== MATERIAL FOR THE TASK

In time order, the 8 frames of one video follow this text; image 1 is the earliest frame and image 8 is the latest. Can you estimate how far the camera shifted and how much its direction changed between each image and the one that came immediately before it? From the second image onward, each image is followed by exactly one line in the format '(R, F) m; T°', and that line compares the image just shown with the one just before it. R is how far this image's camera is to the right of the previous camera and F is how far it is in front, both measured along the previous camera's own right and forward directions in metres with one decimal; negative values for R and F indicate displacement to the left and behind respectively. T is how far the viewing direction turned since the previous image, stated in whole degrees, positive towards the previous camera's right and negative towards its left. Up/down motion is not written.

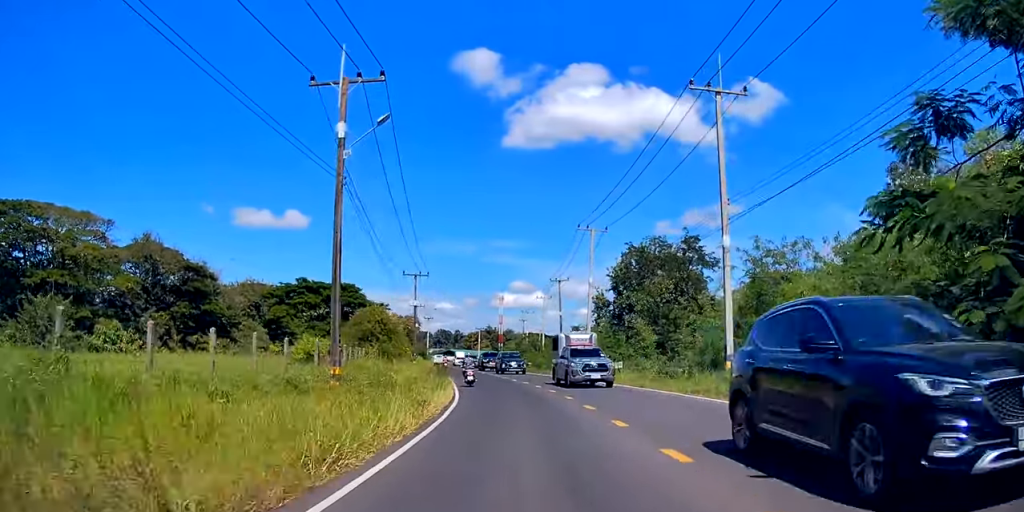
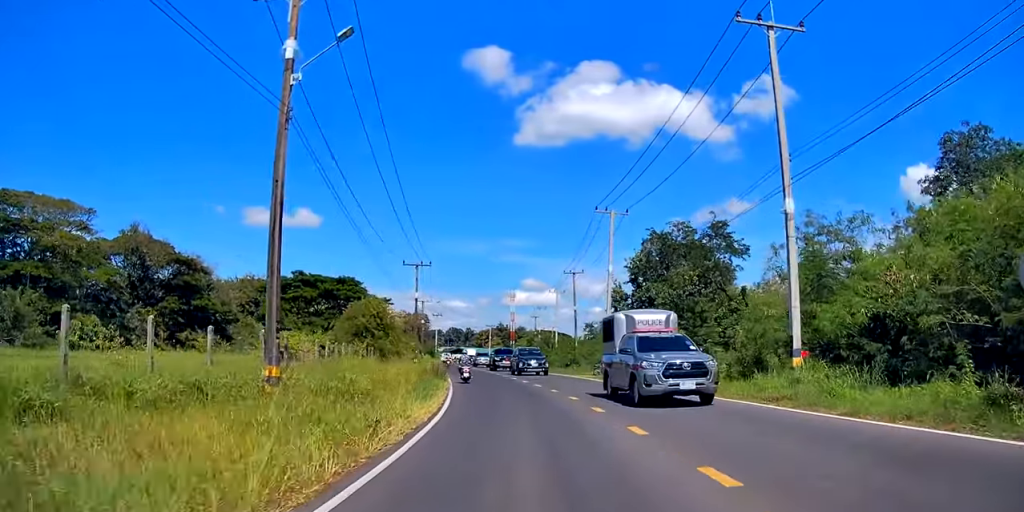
(-0.1, +5.5) m; -1°
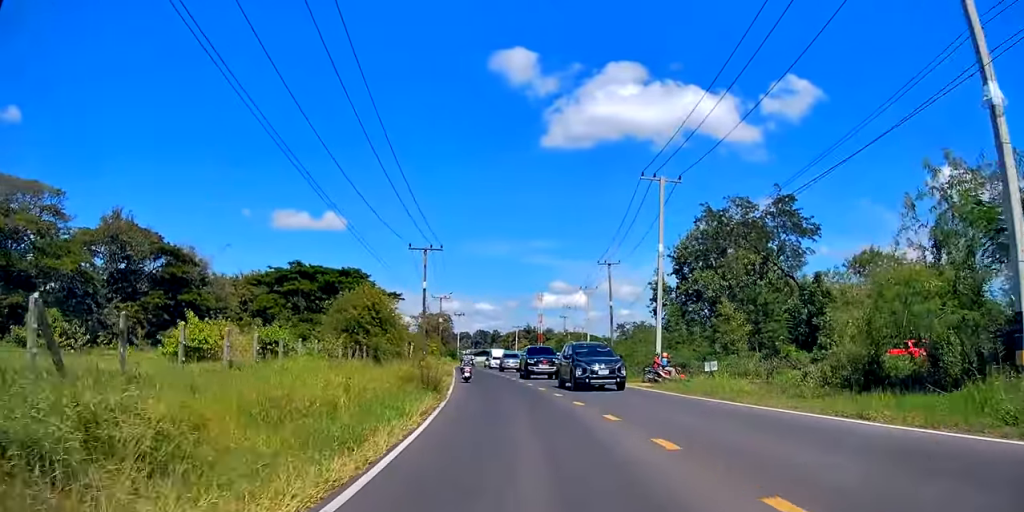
(0.0, +9.9) m; -1°
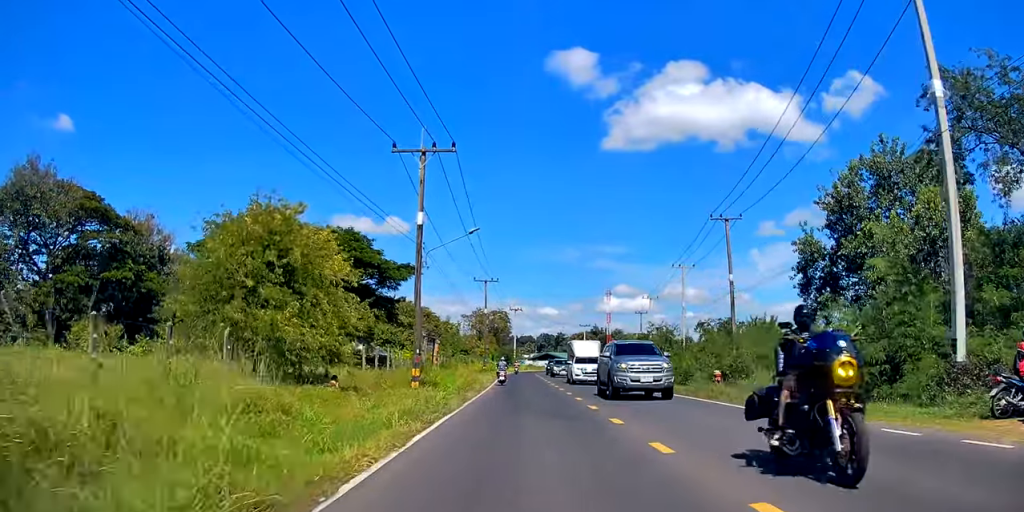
(-1.7, +23.8) m; -5°
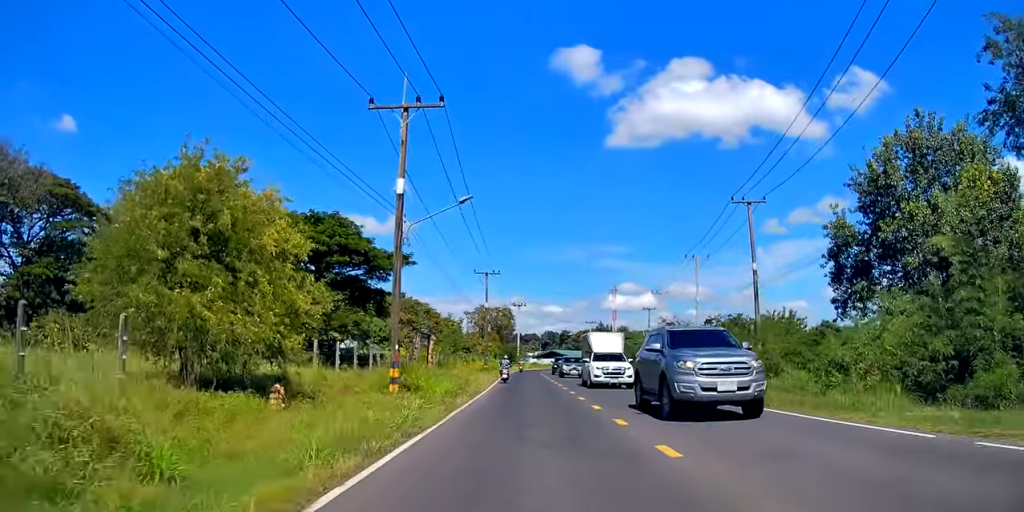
(+0.1, +4.6) m; 0°
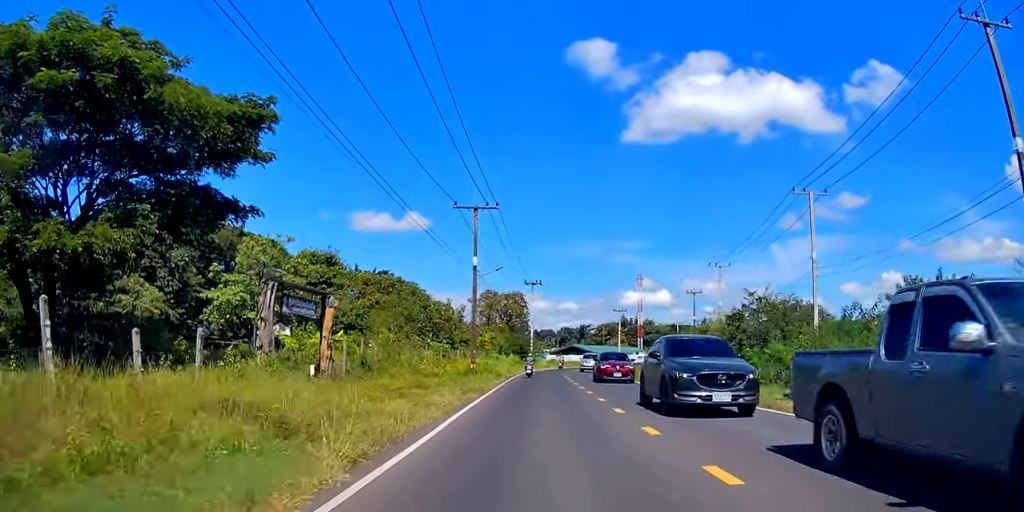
(+0.2, +25.8) m; +1°
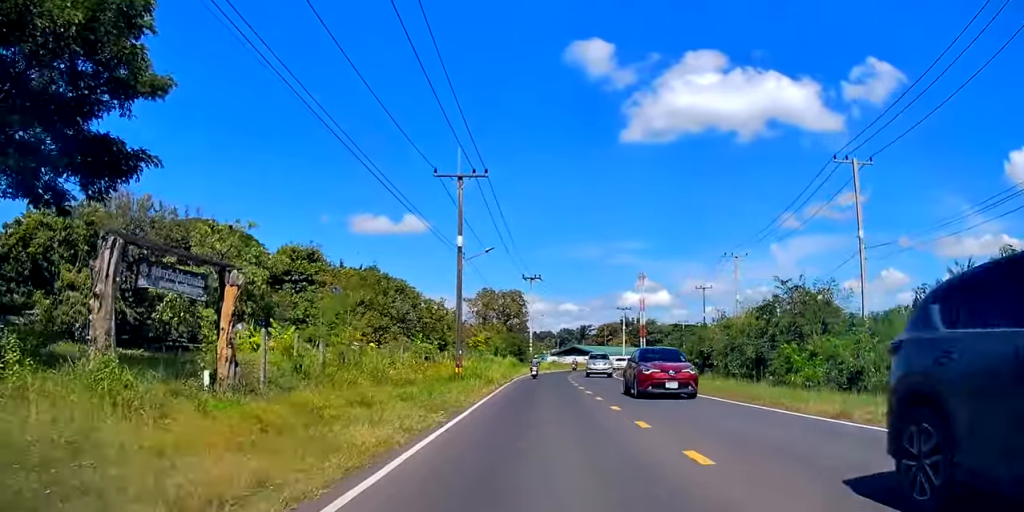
(0.0, +7.0) m; -2°
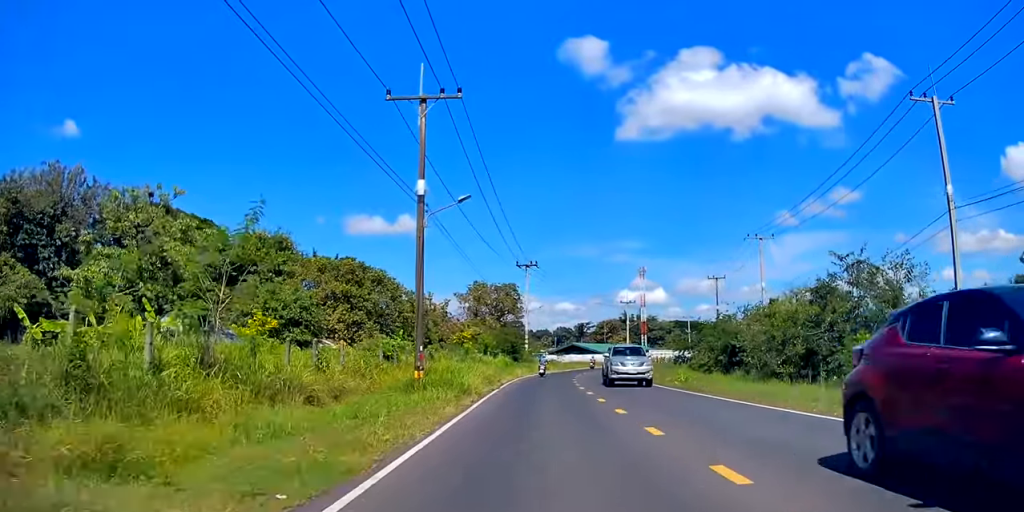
(-0.2, +9.1) m; -2°

====

Leaving every picture out, repeat each line of the material exactly.

→ TASK OUTPUT
In time order, the 8 frames of one video follow this text; image 1 is the earliest frame and image 8 is the latest. Can you estimate how far the camera shifted and how much its direction changed between each image and the one that came immediately before it? From the second image onward, each image is followed by exactly one line in the format '(R, F) m; T°', and that line compares the image just shown with the one just before it. R is how far this image's camera is to the right of the previous camera and F is how far it is in front, both measured along the previous camera's own right and forward directions in metres with one decimal; negative values for R and F indicate displacement to the left and behind respectively. T is how far the viewing direction turned since the previous image, stated in whole degrees, positive towards the previous camera's right and negative towards its left. Up/down motion is not written.

(-0.1, +5.5) m; -1°
(0.0, +9.9) m; -1°
(-1.7, +23.8) m; -5°
(+0.1, +4.6) m; 0°
(+0.2, +25.8) m; +1°
(0.0, +7.0) m; -2°
(-0.2, +9.1) m; -2°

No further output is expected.